The Biltmore hosted its first dinner on December 28, 1913, with a celebration featuring various officials involved in the hotel's construction. The hotel informally opened on December 30, and the first guests arrived at the hotel the next day, December 31. There were also two brokerage offices in the hotel when it opened. In its first year of operation, the Biltmore became extremely popular. Baumann operated the hotel for less than a year; he died on October 15, 1914, after falling from the hotel's roof while observing employees. At the time of Baumann's death, the hotel was valued at $4 million, of which $1.5 million was appraised as goodwill created by the hotel's prominent location in midtown Manhattan. Even so, Baumann had been operating the Biltmore at a net loss at the time of his death. Meanwhile, Allen H. Stem of Reed and Stem had sued Warren and Wetmore over Terminal City's architectural contract. After a protracted legal battle, the New York Supreme Court ordered Warren and Wetmore to pay Stem one percent of the Biltmore's construction cost.
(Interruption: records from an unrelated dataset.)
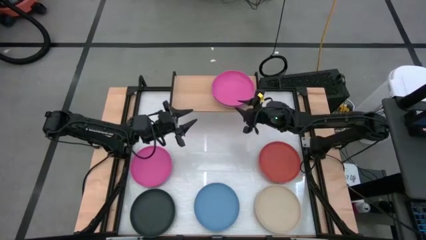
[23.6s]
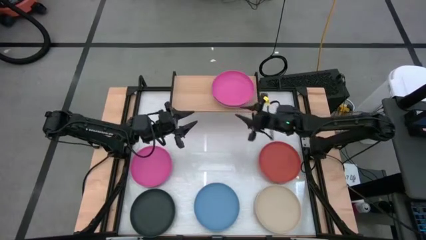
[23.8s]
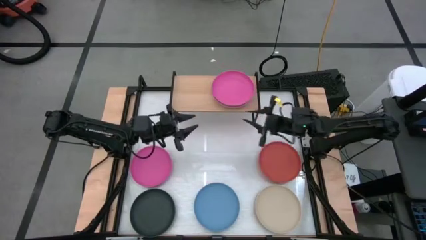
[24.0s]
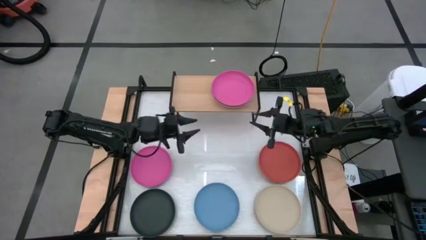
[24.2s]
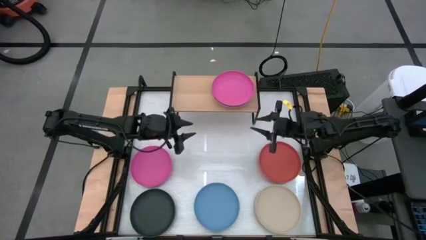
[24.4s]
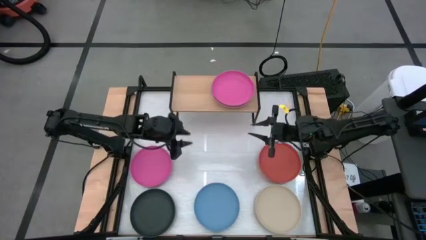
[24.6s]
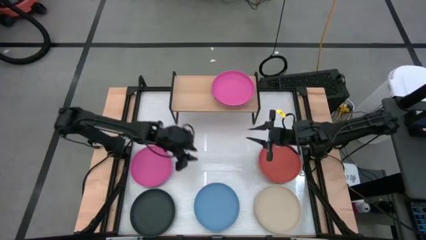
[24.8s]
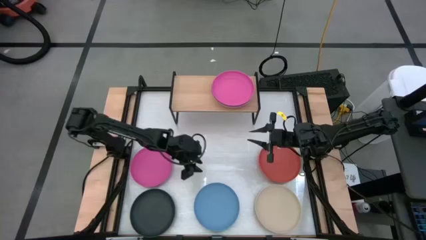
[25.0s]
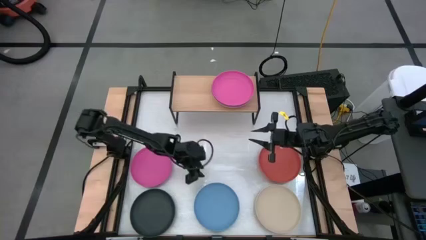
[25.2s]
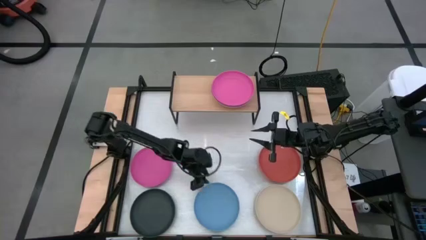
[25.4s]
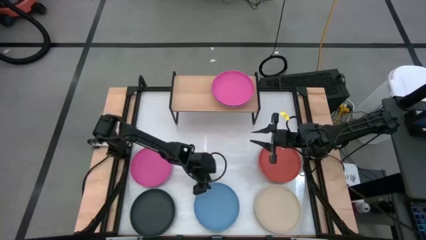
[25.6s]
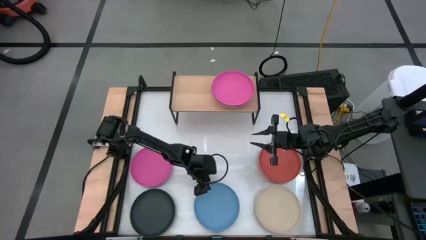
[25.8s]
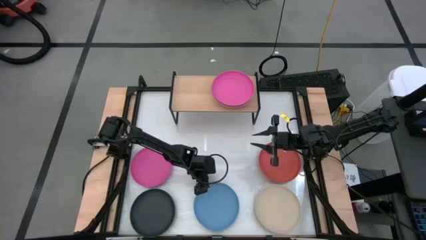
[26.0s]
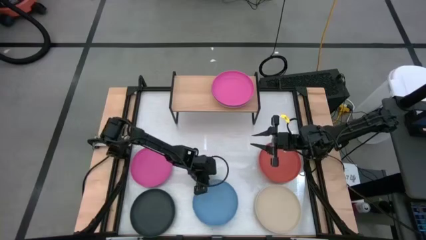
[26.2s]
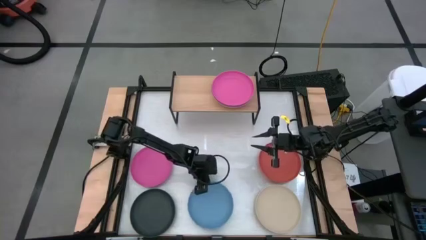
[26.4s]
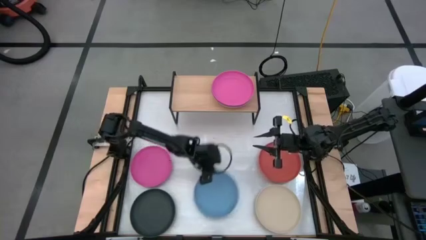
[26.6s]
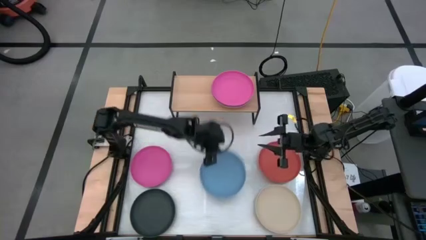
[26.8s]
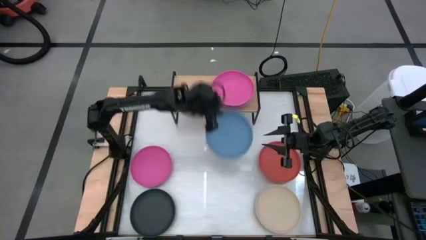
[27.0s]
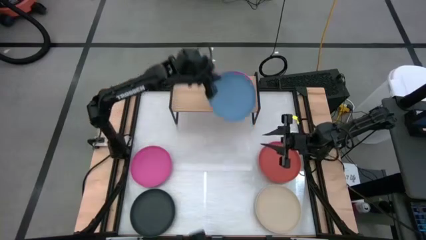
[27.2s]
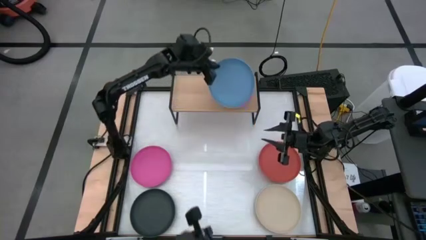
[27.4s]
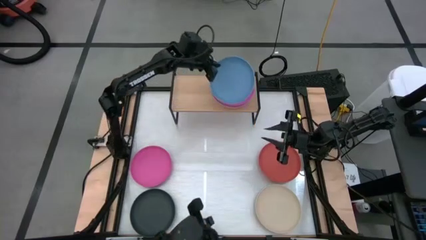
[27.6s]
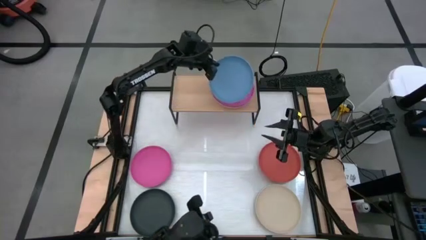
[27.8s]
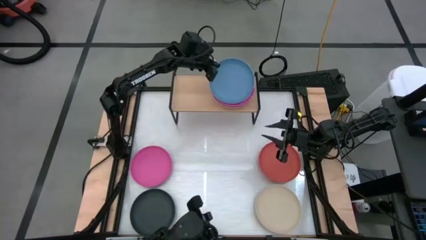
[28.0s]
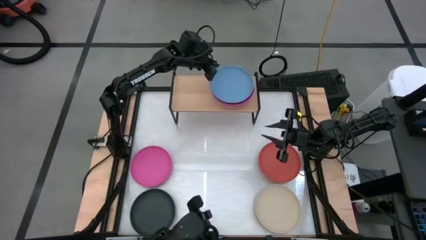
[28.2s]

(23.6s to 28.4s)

Bowman took control of the hotel's lease shortly after Baumann died. Under Bowman's management, members of the social elite began to frequent the Biltmore. By 1918, the hotel had an annual payroll of over $1 million. After Bowman and rival hotel operator Benjamin L. M. Bates agreed to merge their respective companies in May 1918, the Biltmore became part of the Bowman-Biltmore Hotels chain. Later the same year, Bowman said that the Biltmore, as well as his other hotels near Grand Central and Penn Station, were "doing more business than ever before". Bowman also developed other Biltmore hotels across the United States, all named after the hotel in New York City. After Prohibition in the United States came into effect in 1919, the Biltmore's bar was closed and replaced with a lunch counter. The hotel remained successful through the early 1920s, amid rapid increases in Grand Central's passenger traffic following the terminal's completion.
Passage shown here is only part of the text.